Now we can add in additional lines for the other folders you want to add to the back up. I will also backup Downloads and Desktop on this script. Make every robocopy line following the same instructions I already explained above. My batch script now looks like this:

@echo off

robocopy "C:\Users\InfosecMiles\Documents" "D:\Backup-Demo\Documents" /mir

robocopy "C:\Users\InfosecMiles\Desktop" "D:\Backup-Demo\Desktop" /mir

robocopy "C:\Users\InfosecMiles\Downloads" "D:\Backup-Demo\Downloads" /mir

When you have everything you need in your script make sure you save it and test it again. If you don't have time to do a full back up at the moment you can always terminate the script with "Ctrl + C" like I mentioned earlier. Congratulations! You have created the script you will use for backups and it works. Now we just need to automate it.

Optional: If you would like to review everything displayed in the command prompt without it going away you can add one final line with the word "pause". I don't normally do this but it could be educational to check out the command prompt. Check under the Sources section below for more documentation about the pause command.

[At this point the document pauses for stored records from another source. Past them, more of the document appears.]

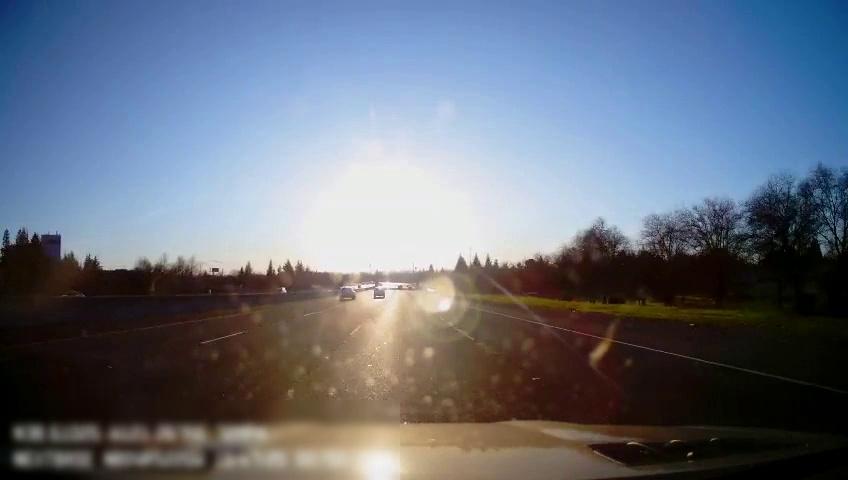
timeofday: Day
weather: Sunny
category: Drivable Space
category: Vehicles | SUV
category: Vehicles | Car
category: Vehicles | Car
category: Vehicles | SUV
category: Lanes | Alternate Lane
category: Lanes | Alternate Lane
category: Lanes | Current Lane
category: Lanes | Current Lane
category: Lanes | Alternate Lane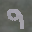
Label: 9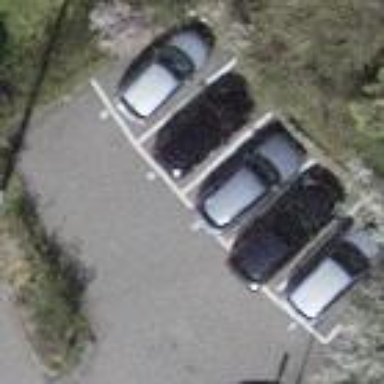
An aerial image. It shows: Parking area with asphalt surface.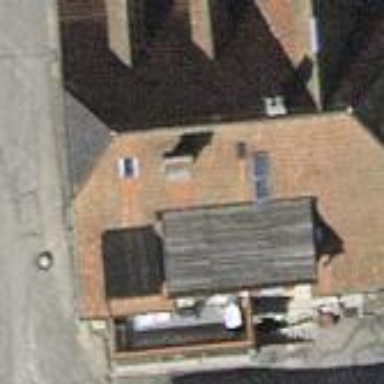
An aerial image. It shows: Building with tiled roof.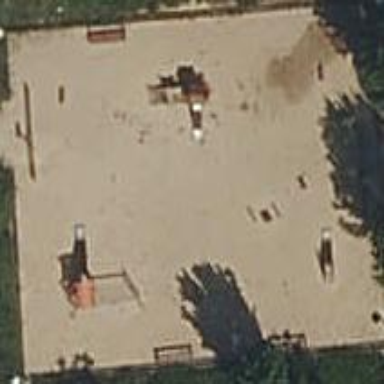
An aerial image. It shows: Playground area for leisure land.

Part Three: Automation with Task Scheduler

For this final part you will need to open the Task Scheduler. To get to this you will click on the Start button and type "Control Panel" and select the Control Panel from the menu. Inside the Control Panel look for the "View by:" option and change it from "Category" to "Small icons". Then click on "Administrative Tools" and then double-click on "Task Scheduler". The Task Scheduler window will be open now. On the right side click "Create Basic Task..." under Actions.

In the "Create Basic Task" window you will be asked for a Name and Description. You may put whatever you feel is appropriate here. I am just naming mine "backup-demo". Click "Next".

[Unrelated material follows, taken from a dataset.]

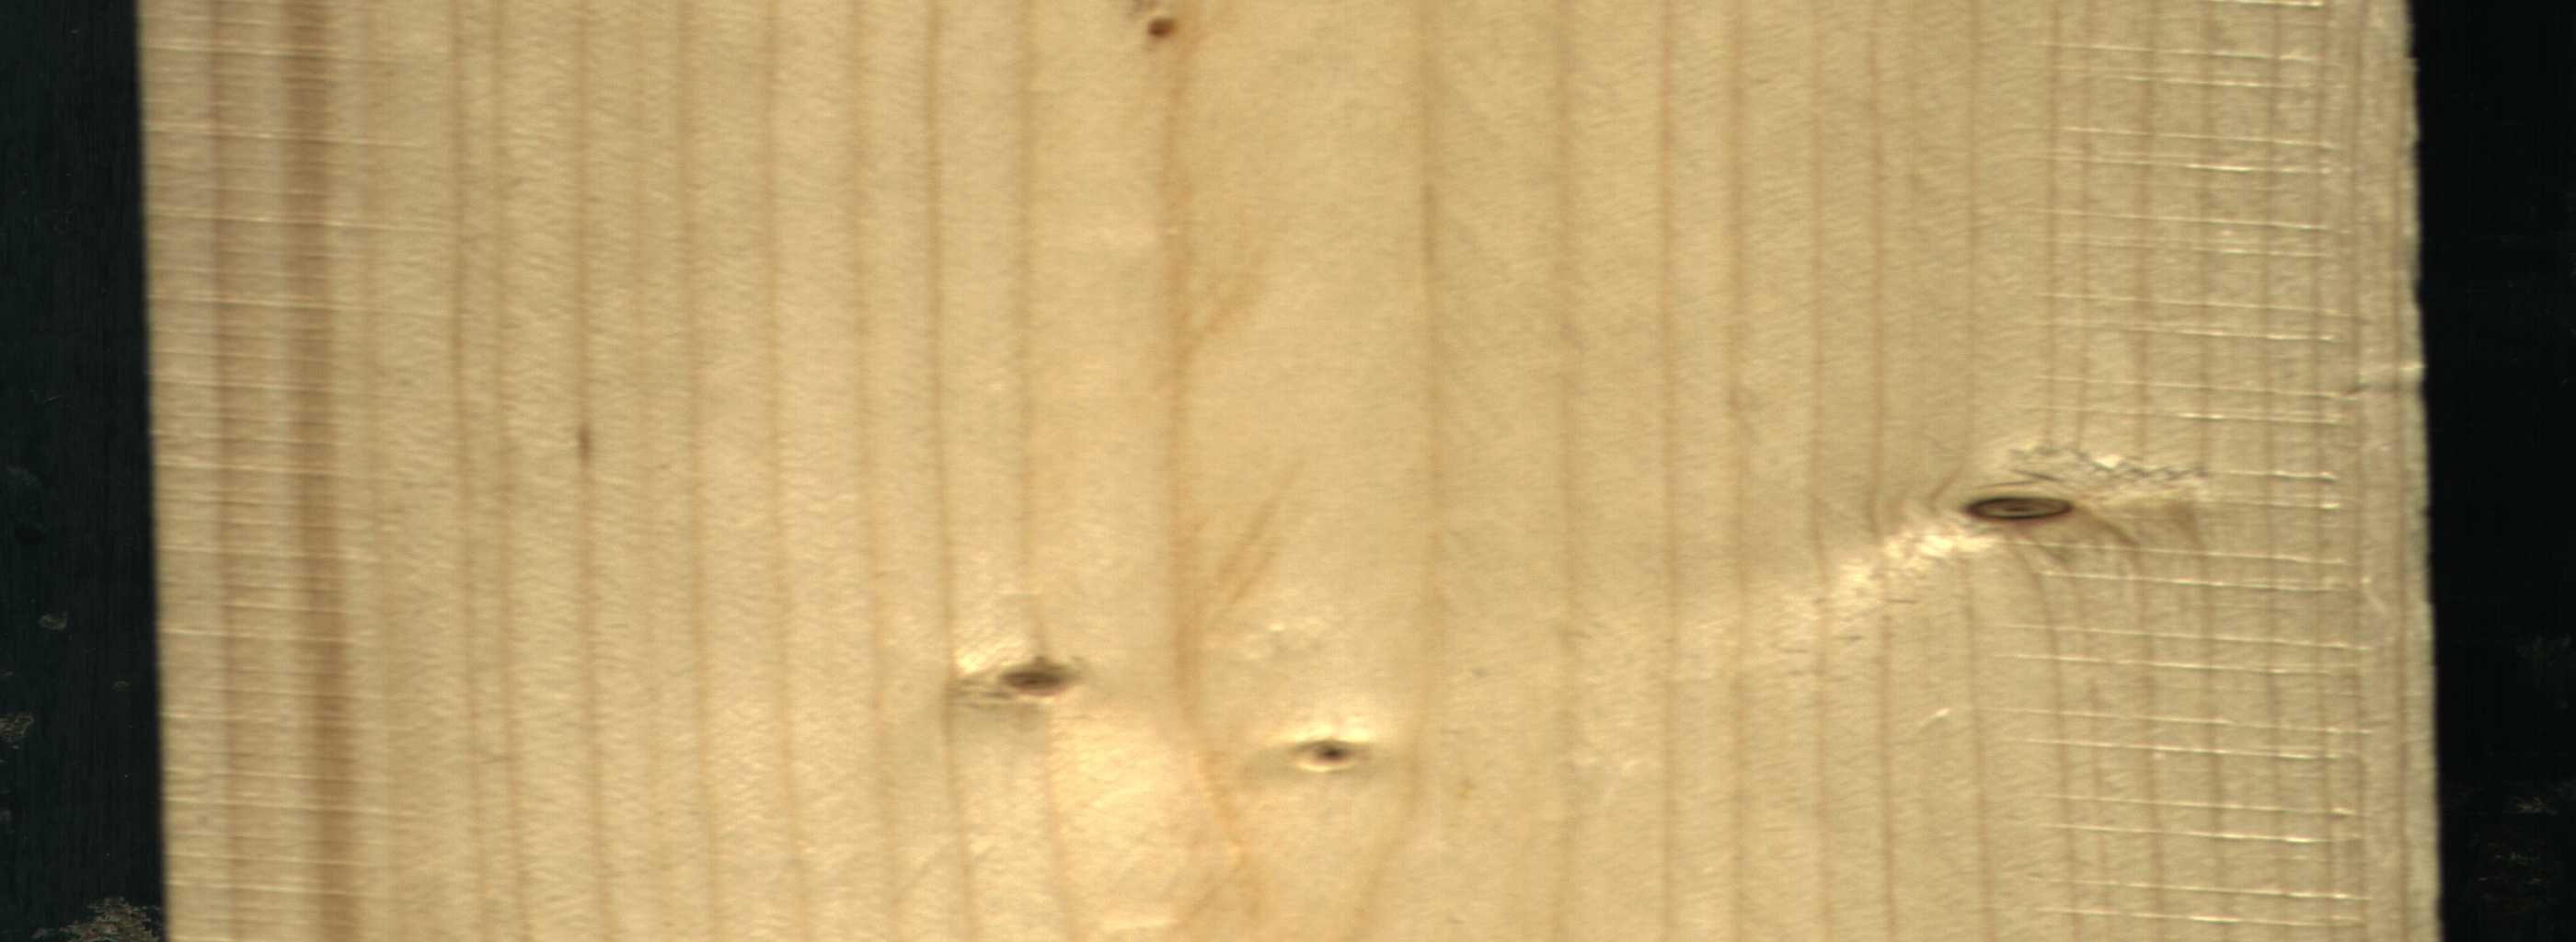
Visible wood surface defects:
Dead_Knot
Live_Knot
Live_Knot

You will then be asked how frequently you want this script to be run. Make whatever decision is appropriate for you. I am leaving mine set to "Daily". Click "Next".

On this screen it wants to know when you want to start this task and how often it will recur. I'll set the date and time for 5 a.m. the next day since I'm typically not using my computer at this time. I am also leaving the Recur setting at "1". Click "Next".

The next screen is asking for the action this task will perform. Select "Start a program" and click "Next".

Now you will need to add the batch script. Select the Browse button and navigate to where you have saved the batch script. Click on the file and then click "Open". You can leave the rest of the options blank. Click "Next".

On the final screen, select the "Open the Properties dialog for this task when I click Finish" and click "Finish".

The Properties dialog will now be open. Select "Run with highest privileges". This will make sure the script is run as an administrator. There are a lot of other options in the Properties dialog window. Feel free to explore them, research them and make appropriate changes if you feel they make sense for you. I personally have not made any further changes than what I have already described. Click "OK" when you are done making changes.

All you can do now is wait for the next day to verify that it worked. If that worked then congrats on making it all the way through this.